Make a shared library self-contained (pre-link dependencies of a shared library into it, recursively)?


I want to package a native shared library into a Java application (so it becomes part of the JAR), to be called via JNI.

The shared library (Linux) comes from a 3rd party and has some dependencies, looking roughly like this:

$ readelf -d libpdalcpp.so.17.0.0
 
Dynamic section at offset 0xd9a4a0 contains 38 entries:
  Tag        Type                         Name/Value
 0x0000000000000001 (NEEDED)             Shared library: [libgdal.so.32]
 0x0000000000000001 (NEEDED)             Shared library: [libproj.so.25]
 0x0000000000000001 (NEEDED)             Shared library: [libgeotiff.so.5]
 0x0000000000000001 (NEEDED)             Shared library: [libxml2.so.2]
 0x0000000000000001 (NEEDED)             Shared library: [libz.so.1]
 ...

My problem is that I cannot (don't want to) guarantee that these dependencies will be available at runtime; the resulting Java application will run in some JRE container based on some (I don't want to care which) Linux distribution.
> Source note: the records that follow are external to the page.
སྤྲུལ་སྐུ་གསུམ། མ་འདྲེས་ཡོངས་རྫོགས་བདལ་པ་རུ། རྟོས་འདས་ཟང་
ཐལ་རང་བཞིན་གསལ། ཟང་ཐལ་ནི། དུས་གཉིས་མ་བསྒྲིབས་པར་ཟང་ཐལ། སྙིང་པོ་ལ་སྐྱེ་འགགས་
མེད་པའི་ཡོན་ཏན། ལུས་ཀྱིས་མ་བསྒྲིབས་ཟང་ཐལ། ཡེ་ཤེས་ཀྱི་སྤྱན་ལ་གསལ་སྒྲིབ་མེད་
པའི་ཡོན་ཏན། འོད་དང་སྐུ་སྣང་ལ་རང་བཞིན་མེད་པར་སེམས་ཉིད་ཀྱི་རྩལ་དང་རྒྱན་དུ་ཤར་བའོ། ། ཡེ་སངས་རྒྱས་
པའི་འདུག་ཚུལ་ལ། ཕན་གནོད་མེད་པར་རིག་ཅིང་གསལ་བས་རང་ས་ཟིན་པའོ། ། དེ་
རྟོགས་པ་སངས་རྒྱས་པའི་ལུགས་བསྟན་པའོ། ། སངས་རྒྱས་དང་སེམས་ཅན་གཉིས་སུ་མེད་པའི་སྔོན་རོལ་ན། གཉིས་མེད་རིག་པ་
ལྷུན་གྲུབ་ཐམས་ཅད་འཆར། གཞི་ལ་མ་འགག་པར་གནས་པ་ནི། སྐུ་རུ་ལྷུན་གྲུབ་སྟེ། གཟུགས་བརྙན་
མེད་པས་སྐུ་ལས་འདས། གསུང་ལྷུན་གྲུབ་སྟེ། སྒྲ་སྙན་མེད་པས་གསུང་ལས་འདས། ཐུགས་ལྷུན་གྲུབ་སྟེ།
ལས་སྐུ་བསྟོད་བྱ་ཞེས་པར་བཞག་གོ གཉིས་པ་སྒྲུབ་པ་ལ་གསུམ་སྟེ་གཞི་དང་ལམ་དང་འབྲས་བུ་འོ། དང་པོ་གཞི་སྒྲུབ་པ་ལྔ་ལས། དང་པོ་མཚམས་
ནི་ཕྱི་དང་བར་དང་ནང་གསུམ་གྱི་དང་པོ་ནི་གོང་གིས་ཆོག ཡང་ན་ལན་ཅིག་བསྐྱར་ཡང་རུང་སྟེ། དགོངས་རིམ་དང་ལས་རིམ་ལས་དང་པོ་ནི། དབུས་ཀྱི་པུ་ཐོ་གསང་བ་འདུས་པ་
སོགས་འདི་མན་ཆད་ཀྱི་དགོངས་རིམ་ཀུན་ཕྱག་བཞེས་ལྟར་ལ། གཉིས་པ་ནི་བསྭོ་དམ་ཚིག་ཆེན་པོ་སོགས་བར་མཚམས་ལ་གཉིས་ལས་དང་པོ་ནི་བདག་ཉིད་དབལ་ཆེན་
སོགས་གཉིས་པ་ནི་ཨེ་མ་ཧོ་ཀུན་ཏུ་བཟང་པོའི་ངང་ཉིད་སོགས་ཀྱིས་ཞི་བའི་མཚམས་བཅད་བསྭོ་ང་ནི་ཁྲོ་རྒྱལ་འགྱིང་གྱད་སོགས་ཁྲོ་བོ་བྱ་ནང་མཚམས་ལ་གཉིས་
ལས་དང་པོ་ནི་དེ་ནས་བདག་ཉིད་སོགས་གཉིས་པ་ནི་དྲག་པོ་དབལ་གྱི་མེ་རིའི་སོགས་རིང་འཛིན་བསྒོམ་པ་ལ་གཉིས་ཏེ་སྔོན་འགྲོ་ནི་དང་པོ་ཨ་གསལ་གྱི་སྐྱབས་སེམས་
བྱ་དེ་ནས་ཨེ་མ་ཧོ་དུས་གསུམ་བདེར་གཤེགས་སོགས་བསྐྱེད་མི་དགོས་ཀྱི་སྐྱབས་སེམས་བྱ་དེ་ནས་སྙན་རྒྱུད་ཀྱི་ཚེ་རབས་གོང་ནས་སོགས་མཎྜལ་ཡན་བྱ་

So what I want is to resolve these dependencies at build time, and produce from my initial shared library with dependencies on other shared libraries one without any (or with as little as possible) dependencies on other shared libraries from the system.

  • Can this be achived? Are linkers supporting this kind of operation?
  • Is the whole idea stupid? (the best answer I got so far was that the principle behind shared libraries is modularity; however, bytecode machines like the JRE (or CLR, or ...) fall into the category where shared libraries are used for plugins, and a plugin usually should be self-contained)

Solution

  • So what I want is to resolve these dependencies at build time, and convert my initial shared library with dependencies on other shared libraries into one without any

    That is impossible in practice: almost all UNIX systems consider the shared library a final link product, which can't be meaningfully modified (except in a very limited number of ways).

    Update:

    if you know a technical reason why "That is impossible"

    The short explanation for why that's impossible (or at least hard) is that the information needed to relink two DSOs into one (in particular the relocation records) has been discarded during the original DSO linking process.

    The longer explanation is that a DSO can only have a single procedure linkage table (PLT, read more on PLT here). So you would need to merge two separate PLTs into one. That sounds easy enough -- they are just flat tables.

    However, (at least part of) this merged PLT will have to be at a different address from where the original PLTs were. And you would need to update all calls into PLT with the new addresses.

    How are you going to find all the addresses that need updating? In the original link, the linker used relocation records in the individual .o files to know which address to set to which slot in a PLT. These records are now gone (AIX is the only UNIX variant I know of which retains relocation records in the linked DSO).

    The linker would have to disassemble the two DSOs, and reconstruct these relocation records. Unfortunately, disassembling variable-length instruction sets (such as x86_64) is hard. A general solution requires complete control flow analysis.